DIRECTIONS FOR THIS TASK:
Exactly as they appear, output all of the records. Skip any images.

= = = =

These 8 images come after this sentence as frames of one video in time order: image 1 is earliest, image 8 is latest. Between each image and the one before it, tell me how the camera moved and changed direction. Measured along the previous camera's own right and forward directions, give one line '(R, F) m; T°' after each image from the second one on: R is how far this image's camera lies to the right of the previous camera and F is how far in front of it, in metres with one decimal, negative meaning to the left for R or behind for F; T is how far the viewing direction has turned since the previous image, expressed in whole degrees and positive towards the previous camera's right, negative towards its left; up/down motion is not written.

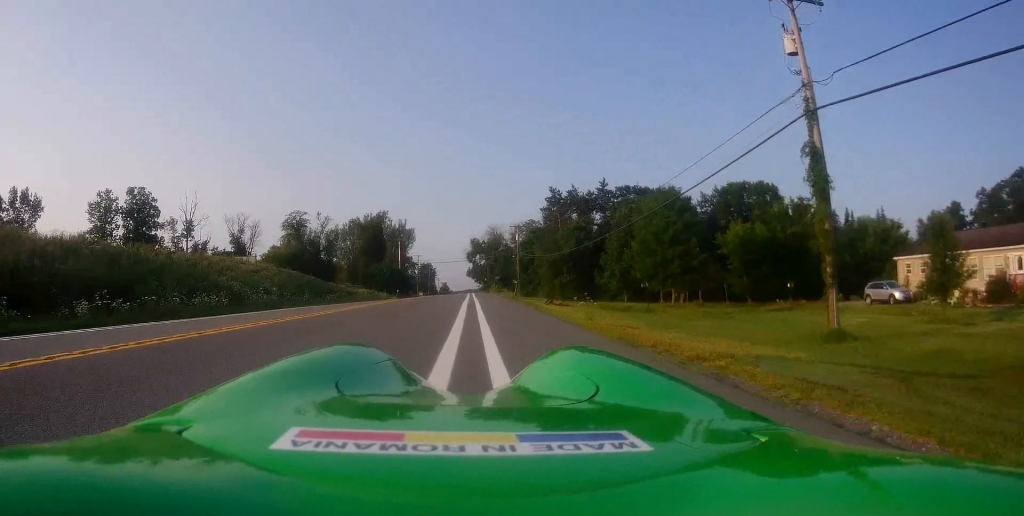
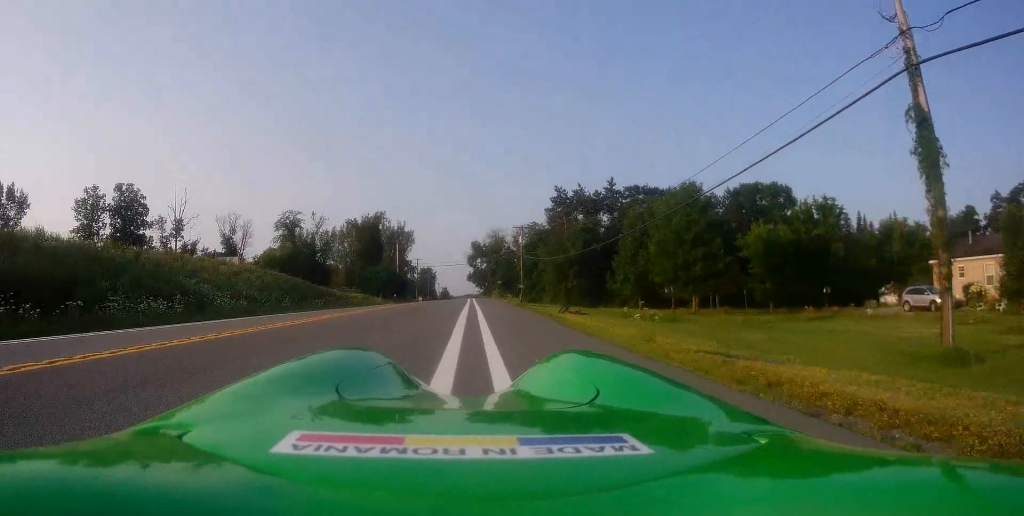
(0.0, +4.4) m; 0°
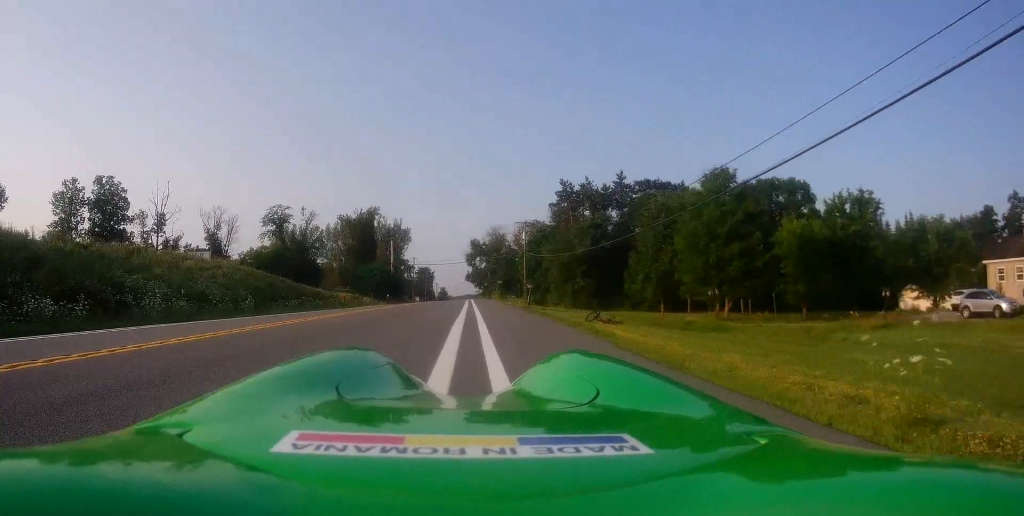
(0.0, +6.1) m; 0°
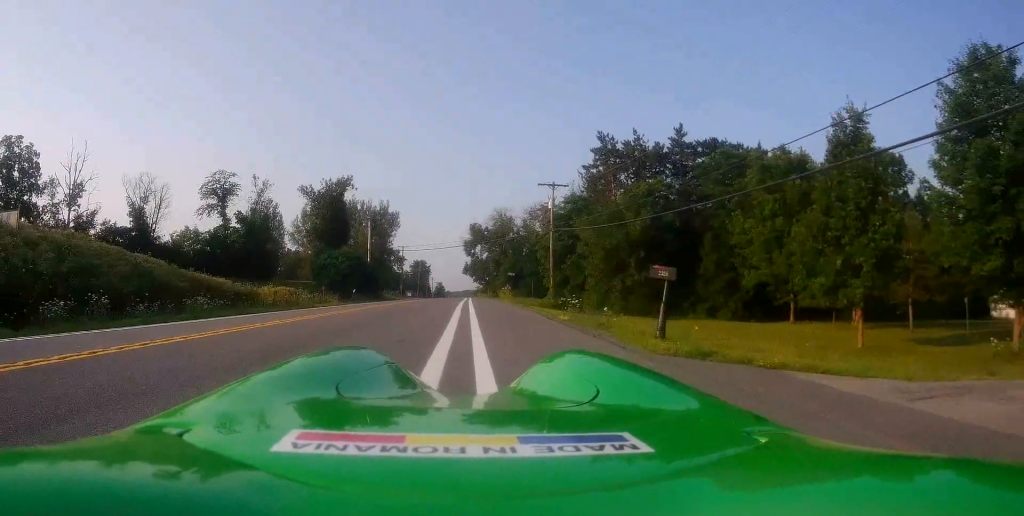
(0.0, +24.1) m; 0°
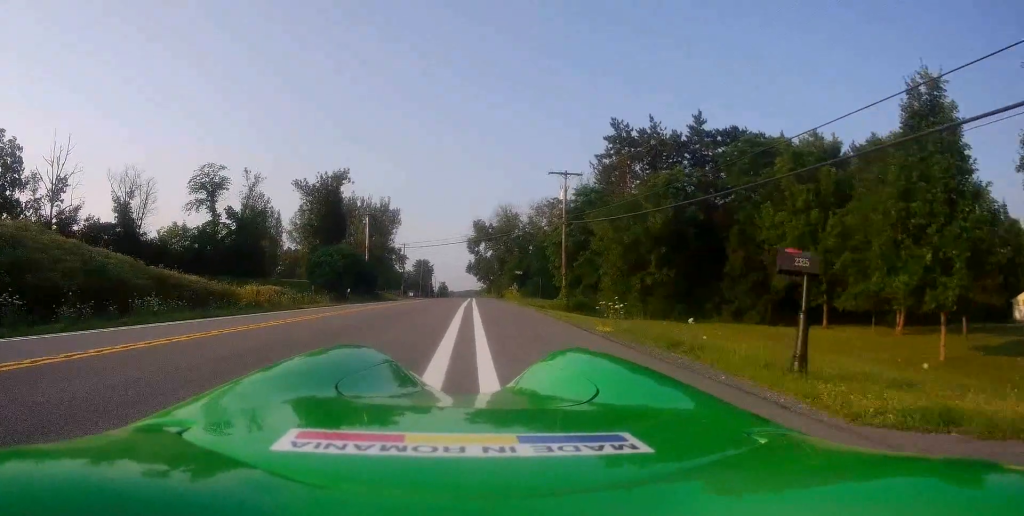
(0.0, +4.5) m; 0°
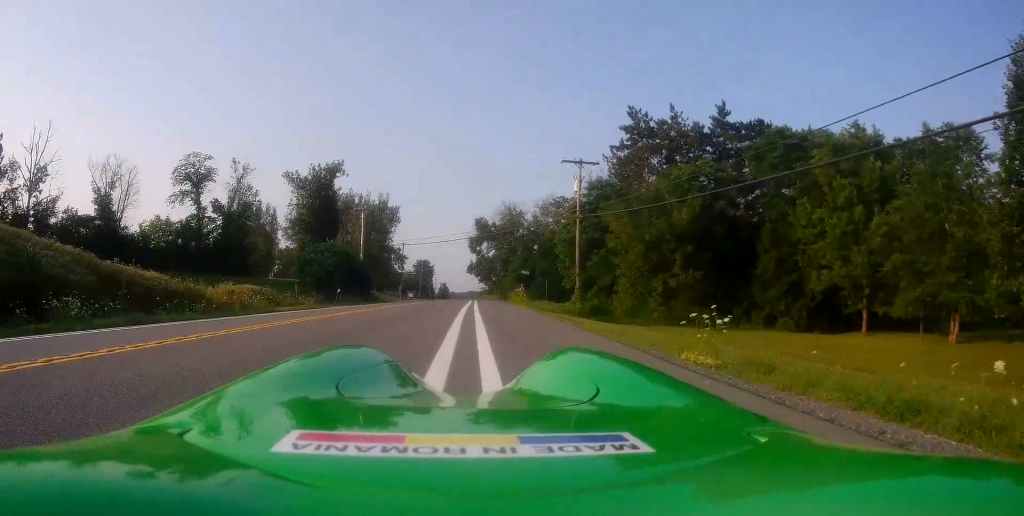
(0.0, +5.1) m; -2°
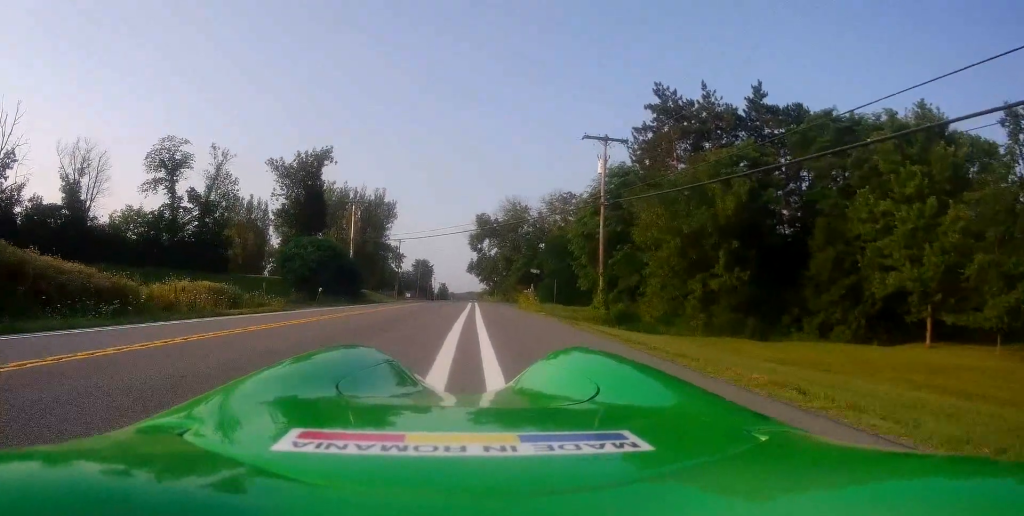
(-0.2, +6.8) m; -1°
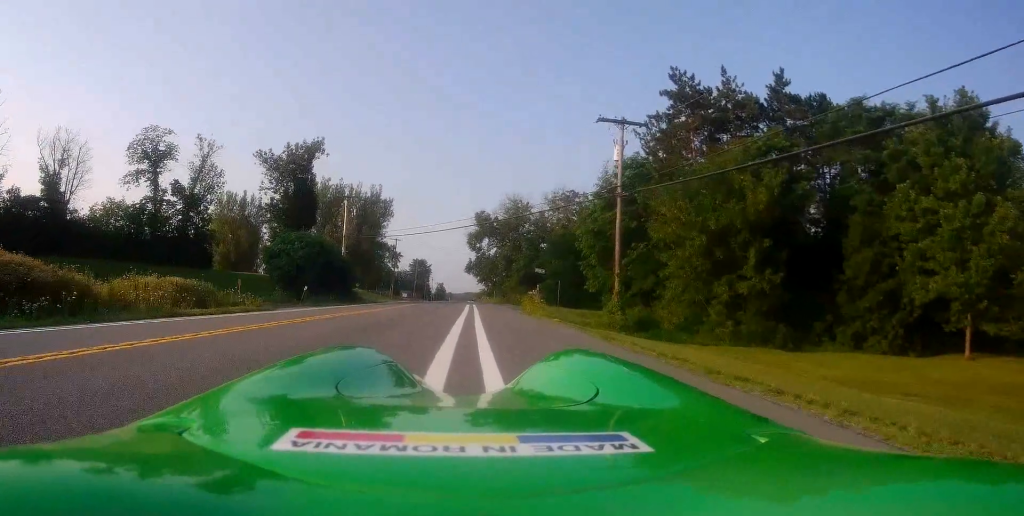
(-0.1, +3.8) m; +1°

= = = =

REPLY TO THE TASK:
These 8 images come after this sentence as frames of one video in time order: image 1 is earliest, image 8 is latest. Between each image and the one before it, tell me how the camera moved and changed direction. Measured along the previous camera's own right and forward directions, give one line '(R, F) m; T°' after each image from the second one on: R is how far this image's camera lies to the right of the previous camera and F is how far in front of it, in metres with one decimal, negative meaning to the left for R or behind for F; T is how far the viewing direction has turned since the previous image, expressed in whole degrees and positive towards the previous camera's right, negative towards its left; up/down motion is not written.

(0.0, +4.4) m; 0°
(0.0, +6.1) m; 0°
(0.0, +24.1) m; 0°
(0.0, +4.5) m; 0°
(0.0, +5.1) m; -2°
(-0.2, +6.8) m; -1°
(-0.1, +3.8) m; +1°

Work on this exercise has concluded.